Tutorials/Infrastructure & Scalability

Infrastructure & Scalability

1. Deployment & Hosting Options

Summary: Frappe/ERPNext is uniquely flexible — it runs on SaaS (Frappe Cloud), any public cloud (AWS/Azure/GCP), on-premise Linux servers, or hybrid setups. There is zero vendor lock-in because the source code is fully open.
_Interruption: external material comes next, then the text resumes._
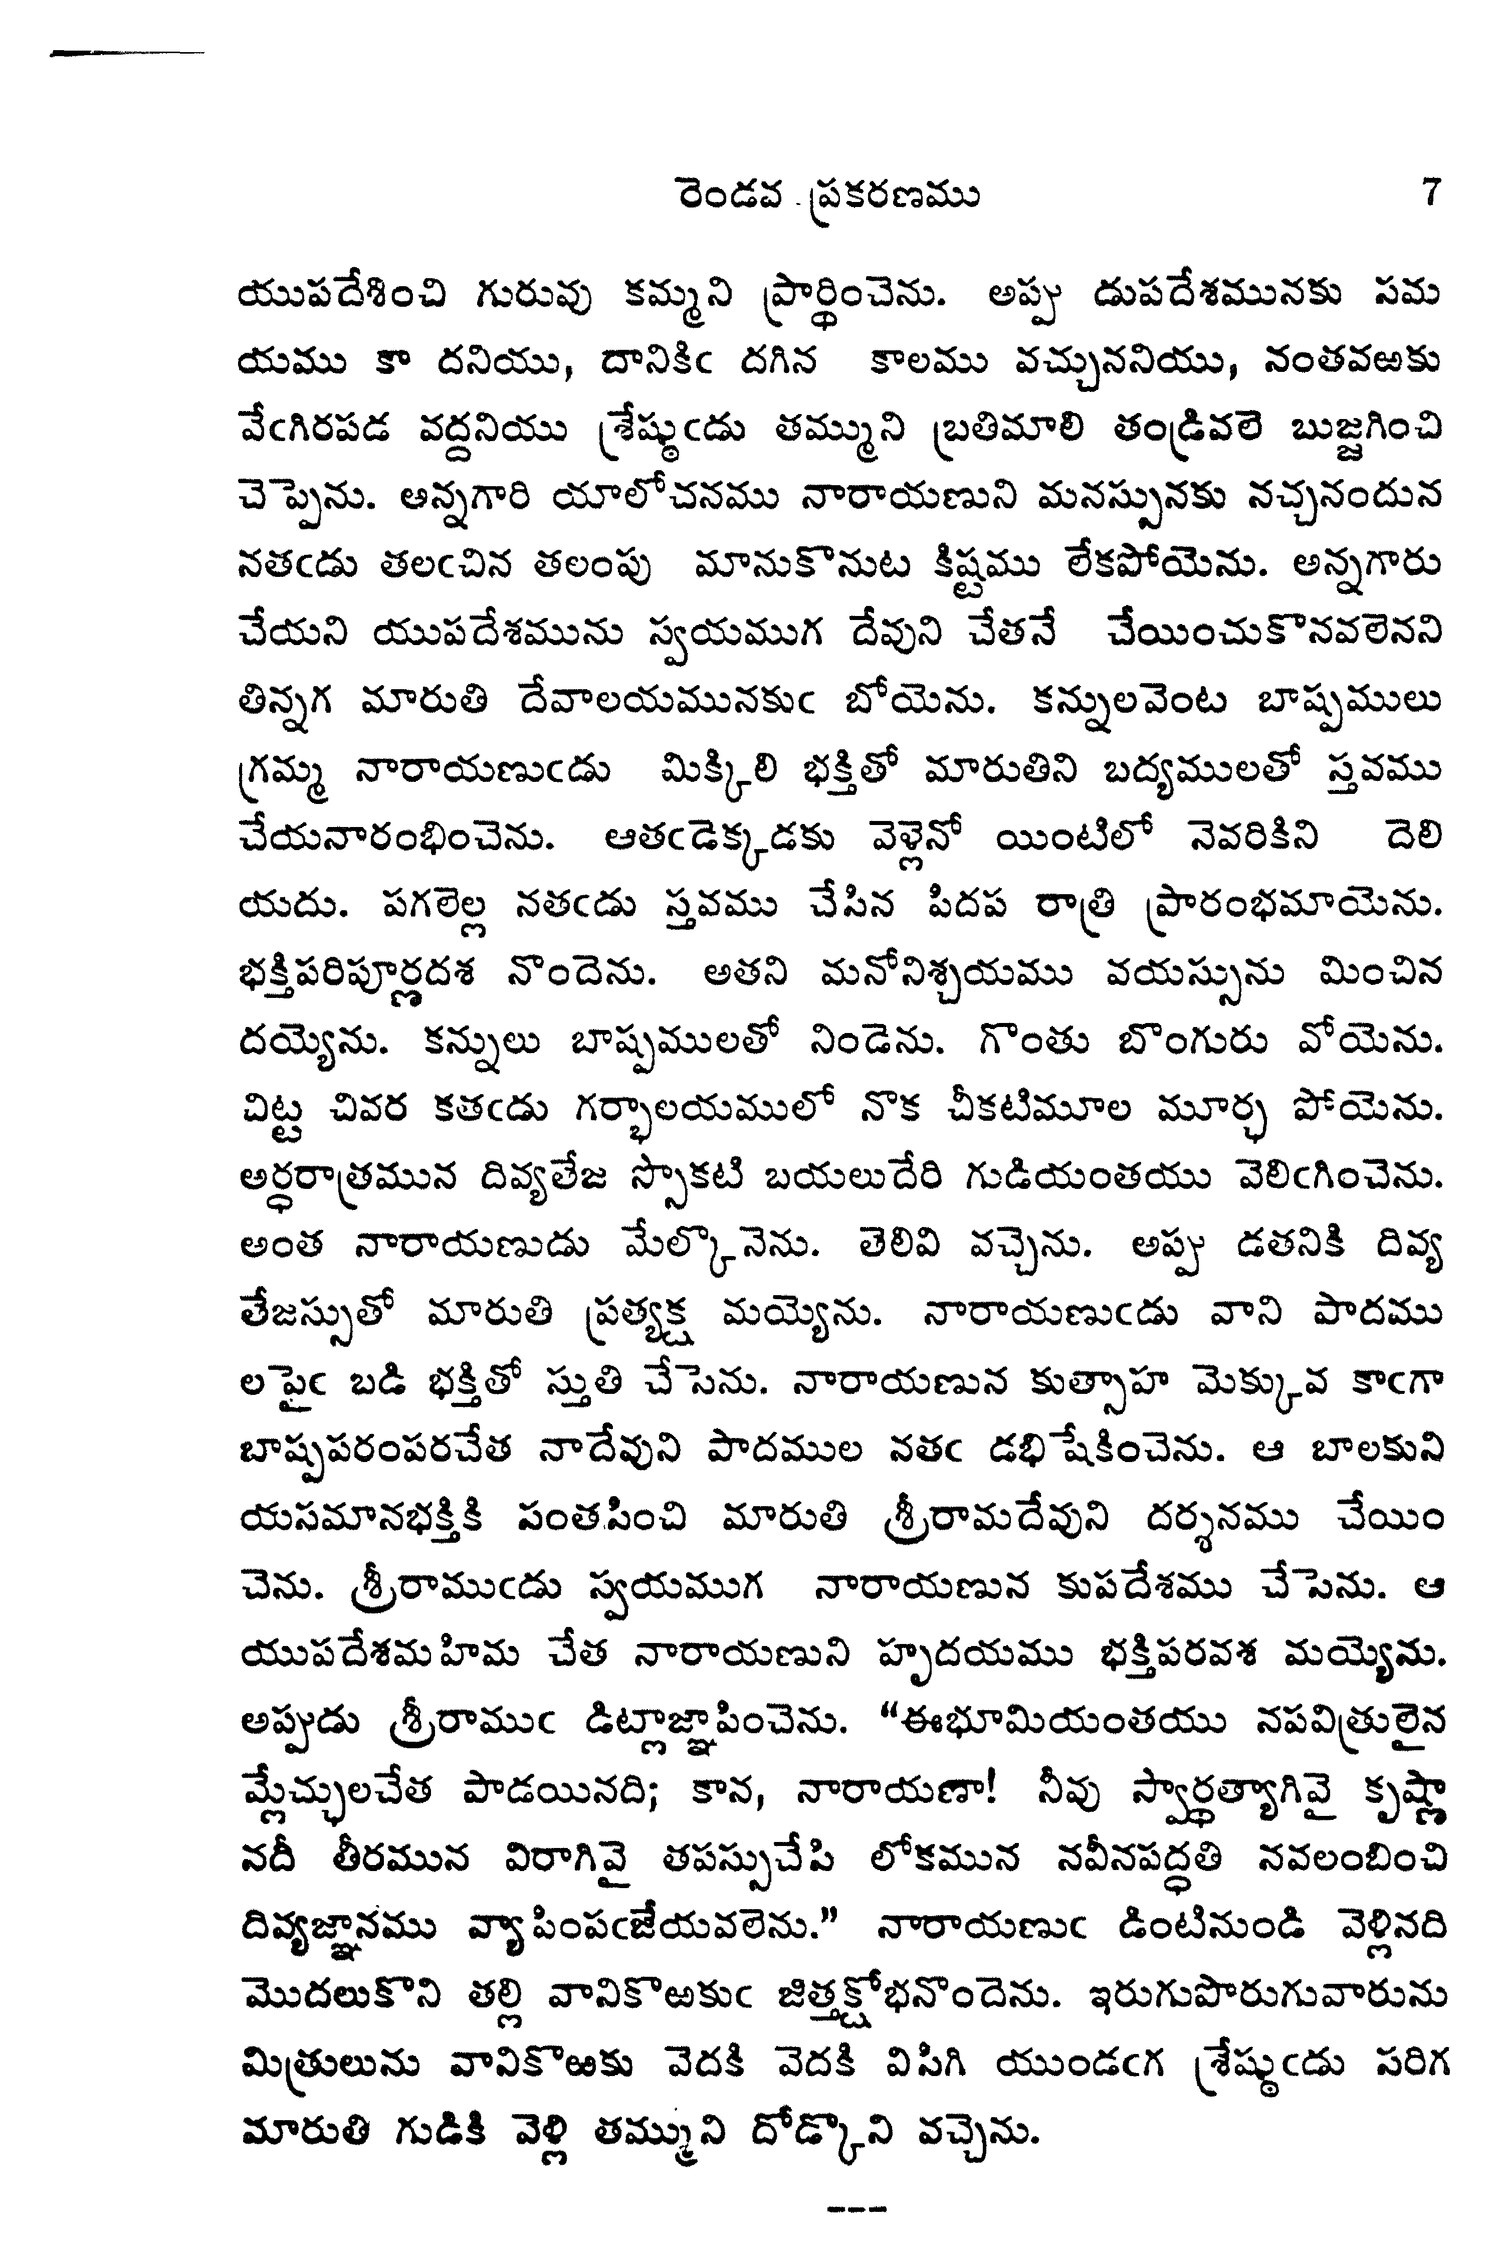యుపదేశించి గురువు కమ్మని ప్రార్థించెను. అప్పు డుపదేశమునకు సమయము కా దనియు, దానికి దగిన కాలము వచ్చుననియు, నంతవఱకు వేగిరపడ వద్దనియు శ్రేష్ఠుడు తమ్ముని బ్రతిమాలి తండ్రివలె బుజ్జగించి చెప్పెను. అన్నగారి యాలోచనము నారాయణుని మనస్సునకు నచ్చనందున నతడు తలచిన తలంపు మానుకొనుట కిష్టము లేకపోయెను. అన్నగారు చేయని యుపదేశమును స్వయముగ దేవుని చేతనే చేయించుకొనవలెనని తిన్నగ మారుతి దేవాలయమునకు బోయెను. కన్నులవెంట బాష్పములు గ్రమ్మ నారాయణుడు మిక్కిలి భక్తితో మారుతిని బద్యములతో స్తవము చేయనారంభించెను. ఆతడెక్కడకు వెళ్లెనో యింటిలో నెవరికిని దెలియదు. పగలెల్ల నతడు స్తవము చేసిన పిదప రాత్రి ప్రారంభమాయెను. భక్తిపరిపూర్ణదశ నొందెను. అతని మనోనిశ్చయము వయస్సును మించిన దయ్యెను. కన్నులు బాష్పములతో నిండెను. గొంతు బొంగురు వోయెను. చిట్ట చివర కతడు గర్భాలయములో నొక చీకటిమూల మూర్ఛ పోయెను. అర్ధరాత్రమున దివ్యతేజ స్పొకటి బయలుదేరి గుడియంతయు వెలిగించెను. అంత నారాయణుడు మేల్కొనెను. తెలివి వచ్చెను. అప్పు డతనికి దివ్య తేజస్సుతో మారుతి ప్రత్యక్ష మయ్యెను. నారాయణుడు వాని పాదములపై బడి భక్తితో స్తుతి చేసెను. నారాయణున కుత్సాహ మెక్కువ కాగా బాష్పపరంపరచేత నాదేవుని పాదముల నత డభిషేకించెను. ఆ బాలకుని యసమానభక్తికి సంతసించి మారుతి శ్రీరామదేవుని దర్శనము చేయించెను. శ్రీరాముడు స్వయముగ నారాయణున కుపదేశము చేసెను. ఆ యుపదేశమహిమ చేత నారాయణుని హృదయము భక్తిపరవశ మయ్యెను. అప్పుడు శ్రీరాము డిట్లాజ్ఞాపించెను. "ఈభూమియంతయు నపవిత్రులైన మ్లేచ్ఛులచేత పాడయినది; కాన, నారాయణా! నీవు స్వార్థత్యాగివై కృష్ణా నదీ తీరమున విరాగివై తపస్సుచేసి లోకముంస్ నవీనపద్ధతి నవలంబించి దివ్యజ్ఞానము వ్యాపింపజేయవలెను." నారాయణు డింటినుండి వెళ్లినది మొదలుకొని తల్లి వానికొఱకు జిత్తక్షోభనొందెను. ఇరుగుపొరుగువారును మిత్రులును వానికొఱకు వెదకి వెదకి విసిగి యుండగ శ్రేష్ఠుడు సరిగ మారుతి గుడికి వెళ్లి తమ్ముని దోడ్కొని వచ్చెను.

_______

  • ✅ SaaS (Frappe Cloud): Managed hosting at cloud.frappe.io. Frappe handles infrastructure, patches, backups. Unlimited users pricing model.
  • ✅ On-premise: Self-hosted on Ubuntu/Debian Linux. Full control. Recommended for sensitive data industries.
  • ✅ Public Cloud: AWS, Azure, GCP, DigitalOcean, Linode, Hetzner — all supported. Docker + Kubernetes deployment available.
  • ✅ Indian Cloud Vendors: Deployable on Yotta, NxtGen, BSNL Cloud, Tata TCS Cloud, AWS Mumbai/Hyderabad regions — full data residency in India achievable.
  • ✅ Hybrid: Multiple bench instances can federate data via Event Streaming (Kafka/built-in v12+).
  • ✅ Data Residency: On-premise or Indian-region cloud deployments ensure data never leaves India.
  • ✅ HA Architecture: Master-replica MariaDB, multiple Gunicorn workers, Redis clustering, NGINX load balancer.
  • ⚠️ Frappe Cloud SLA: Inherits AWS/OCI SLA (~99.99% multi-AZ); Frappe's own hosted SLA doesn't explicitly guarantee 99.99%.
  • ✅ DR: Frappe Cloud backs up to Amazon S3 offsite. Self-hosted can use rsync + S3/GCS/Azure Blob.
  • 🔧 Managed HA/DR: Requires proper infra configuration for self-hosted; Frappe Cloud handles this automatically.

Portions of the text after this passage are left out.